By Swann Collins, investor, writer and consultant in international affairs – Eurasia Business News, October 27, 2022
The European Central Bank (ECB) raised the key interest rate by 75 basis points to 2% per annum. This is the third rate hike announced by the Frankfurt institution since July.
Last time, the key rate was increased by 75 points on September 8.
“The Governing Council of the ECB has decided and expects a further increase in interest rates to ensure the timely return of inflation to the medium-term target level of 2%,” announced the central bank on its website.
The base interest rate has been increased to 2%, the deposit rate is now 1.50%, and the ECB’s short-term loans are 2.25%, a level it had not reached since 2009.
The regulator notes that inflation remains too high and will remain above the target for a long period. In September, annual inflation in the eurozone hit 9.9%, a record, after 9.1% in August.
Christine Lagarde indicated that this increase will be followed by others. The objective: to increase the cost of borrowing to curb demand. After ending eleven years of accommodative monetary policies, the Frankfurt-based monetary institution is determined to follow its “normalization path“.
The European Central Bank has also decided to tighten conditions on the latest wave of giant loans to banks at advantageous rates, which are no longer in line with the phase of high inflation.
“Given the unexpected and exceptional acceleration of inflation,” the lending facility called TLTRO must be “recalibrated,” according to an ECB statement. Given the rise in key rates, these loans now offer attractive gains on banks’ excess liquidity. The rate applied to these loans will therefore be adjusted and banks will be able to repay them on early dates.
On September 8, the European Central Bank for the first time raised the base rate by 75 points – up to 1.25% per annum. On July 21, the ECB raised the rate by 50 basis points to 0.5% for the first time since 2011. The regulator then explained that the change in the rate is associated with a reassessment of inflation risks.

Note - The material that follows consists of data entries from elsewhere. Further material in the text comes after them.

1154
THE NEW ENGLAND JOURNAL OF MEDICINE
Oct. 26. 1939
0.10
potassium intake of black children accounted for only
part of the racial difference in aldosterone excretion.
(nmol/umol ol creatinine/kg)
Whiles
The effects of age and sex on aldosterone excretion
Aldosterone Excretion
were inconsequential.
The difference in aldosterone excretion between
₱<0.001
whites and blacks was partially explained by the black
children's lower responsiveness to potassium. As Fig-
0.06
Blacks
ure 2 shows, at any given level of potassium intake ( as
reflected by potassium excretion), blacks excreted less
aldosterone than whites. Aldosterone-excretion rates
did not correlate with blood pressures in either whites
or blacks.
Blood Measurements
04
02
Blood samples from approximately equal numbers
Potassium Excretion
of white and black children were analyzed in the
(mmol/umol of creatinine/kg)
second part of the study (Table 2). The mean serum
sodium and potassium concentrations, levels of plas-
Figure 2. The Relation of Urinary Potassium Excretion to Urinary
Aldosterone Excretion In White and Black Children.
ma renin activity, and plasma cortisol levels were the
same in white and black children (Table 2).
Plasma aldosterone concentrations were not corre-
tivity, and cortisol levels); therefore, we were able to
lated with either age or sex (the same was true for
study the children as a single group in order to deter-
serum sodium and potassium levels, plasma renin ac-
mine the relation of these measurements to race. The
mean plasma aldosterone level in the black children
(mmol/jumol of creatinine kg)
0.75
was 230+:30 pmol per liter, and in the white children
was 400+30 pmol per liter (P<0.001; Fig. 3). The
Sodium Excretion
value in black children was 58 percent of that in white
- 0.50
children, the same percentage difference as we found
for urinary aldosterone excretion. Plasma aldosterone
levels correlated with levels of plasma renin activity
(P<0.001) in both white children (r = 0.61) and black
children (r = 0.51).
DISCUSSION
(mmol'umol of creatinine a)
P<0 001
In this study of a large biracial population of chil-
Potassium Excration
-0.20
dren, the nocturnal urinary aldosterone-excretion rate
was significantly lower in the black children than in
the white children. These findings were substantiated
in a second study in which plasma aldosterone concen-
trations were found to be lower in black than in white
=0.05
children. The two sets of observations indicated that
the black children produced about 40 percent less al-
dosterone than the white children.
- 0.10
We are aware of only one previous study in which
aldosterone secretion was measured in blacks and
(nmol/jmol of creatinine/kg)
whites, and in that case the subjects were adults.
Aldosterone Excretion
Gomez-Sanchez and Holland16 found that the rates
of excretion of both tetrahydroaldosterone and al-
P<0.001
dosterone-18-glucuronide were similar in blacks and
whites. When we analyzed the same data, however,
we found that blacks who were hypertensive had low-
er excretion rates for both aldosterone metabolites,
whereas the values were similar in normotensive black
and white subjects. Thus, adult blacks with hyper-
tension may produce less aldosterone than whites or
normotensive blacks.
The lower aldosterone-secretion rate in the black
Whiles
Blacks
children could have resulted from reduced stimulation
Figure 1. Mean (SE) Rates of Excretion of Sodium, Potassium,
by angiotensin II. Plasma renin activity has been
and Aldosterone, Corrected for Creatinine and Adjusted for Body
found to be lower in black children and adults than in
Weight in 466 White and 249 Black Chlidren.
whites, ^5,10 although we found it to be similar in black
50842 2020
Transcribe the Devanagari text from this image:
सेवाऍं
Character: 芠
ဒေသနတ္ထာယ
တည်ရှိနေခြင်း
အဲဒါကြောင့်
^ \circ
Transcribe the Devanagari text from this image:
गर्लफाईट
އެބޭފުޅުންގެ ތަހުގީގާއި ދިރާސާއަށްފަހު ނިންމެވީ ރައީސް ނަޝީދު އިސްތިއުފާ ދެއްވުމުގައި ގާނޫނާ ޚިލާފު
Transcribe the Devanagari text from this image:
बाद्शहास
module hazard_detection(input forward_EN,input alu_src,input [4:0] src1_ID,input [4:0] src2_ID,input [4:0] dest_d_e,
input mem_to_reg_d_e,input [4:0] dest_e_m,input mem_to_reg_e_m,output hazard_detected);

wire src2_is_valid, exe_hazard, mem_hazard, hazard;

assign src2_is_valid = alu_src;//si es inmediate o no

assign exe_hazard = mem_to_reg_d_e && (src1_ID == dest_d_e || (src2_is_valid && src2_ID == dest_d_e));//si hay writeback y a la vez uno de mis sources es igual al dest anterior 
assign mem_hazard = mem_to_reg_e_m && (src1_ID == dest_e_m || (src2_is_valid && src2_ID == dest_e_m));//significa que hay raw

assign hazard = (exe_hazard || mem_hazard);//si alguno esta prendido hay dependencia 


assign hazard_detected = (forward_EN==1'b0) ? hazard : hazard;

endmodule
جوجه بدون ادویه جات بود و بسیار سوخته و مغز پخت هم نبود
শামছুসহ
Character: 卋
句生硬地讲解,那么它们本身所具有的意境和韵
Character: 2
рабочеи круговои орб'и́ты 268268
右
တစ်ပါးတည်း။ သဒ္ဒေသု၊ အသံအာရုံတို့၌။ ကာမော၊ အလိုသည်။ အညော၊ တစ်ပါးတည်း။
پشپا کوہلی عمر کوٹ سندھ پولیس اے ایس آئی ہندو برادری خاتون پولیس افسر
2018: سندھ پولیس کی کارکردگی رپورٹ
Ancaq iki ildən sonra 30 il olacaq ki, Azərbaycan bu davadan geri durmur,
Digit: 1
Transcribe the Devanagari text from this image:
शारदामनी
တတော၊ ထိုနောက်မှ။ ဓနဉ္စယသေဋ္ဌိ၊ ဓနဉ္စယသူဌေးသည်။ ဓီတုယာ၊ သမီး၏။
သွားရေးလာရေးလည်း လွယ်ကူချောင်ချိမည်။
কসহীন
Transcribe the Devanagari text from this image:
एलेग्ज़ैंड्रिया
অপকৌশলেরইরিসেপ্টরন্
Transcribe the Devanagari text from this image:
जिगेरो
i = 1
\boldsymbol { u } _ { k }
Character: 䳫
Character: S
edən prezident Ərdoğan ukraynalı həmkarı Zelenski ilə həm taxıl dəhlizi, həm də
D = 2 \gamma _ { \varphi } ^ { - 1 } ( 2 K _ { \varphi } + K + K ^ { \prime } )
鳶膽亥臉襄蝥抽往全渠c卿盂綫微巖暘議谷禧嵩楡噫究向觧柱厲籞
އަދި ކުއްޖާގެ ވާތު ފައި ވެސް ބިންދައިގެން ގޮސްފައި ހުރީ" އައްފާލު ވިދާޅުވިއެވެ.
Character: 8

On September 28, Christine Lagarde, the Chairman of the European Central Bank (ECB) said that the institution must continue to raise interest rates to stem inflation, even if it results in slowing growth.
“We need to bring inflation down to 2% in the medium term and we will do what we have to do, which is to continue to raise interest rates in the next meetings,” she told a conference in Frankfurt. “If we didn’t meet (our mandate), it would penalize the economy even more.”
On March 30, Christine Lagarde said “We know that we are going to see higher inflation this year, there is no doubt about that,”, during a conference organized by the central bank of Cyprus.
A falling euro currency, amid high inflation, a coming recession, a bear market in stock exchanges and the recent victory of national-convervative parties in Italy, could provoke the end of the euro zone in 2023.
Read also : How to invest in gold
Europe is in a very difficult situation now. With raising interest rates, the cost of debt will increase, putting more pressure on workers and small and medium companies. The housing market can be the first to plunge in coming months in the euro zone.
Gold prices were navigating between $ 1,654 and $ 1,670 per troy ounce today, gaining near 2.12% over the past 30 days. Silver prices were negotiated between $ 19.27 and $ 19.75 per ounce today.
The exchange rate of euro/dollar is today : 1 euro for 1 dollar.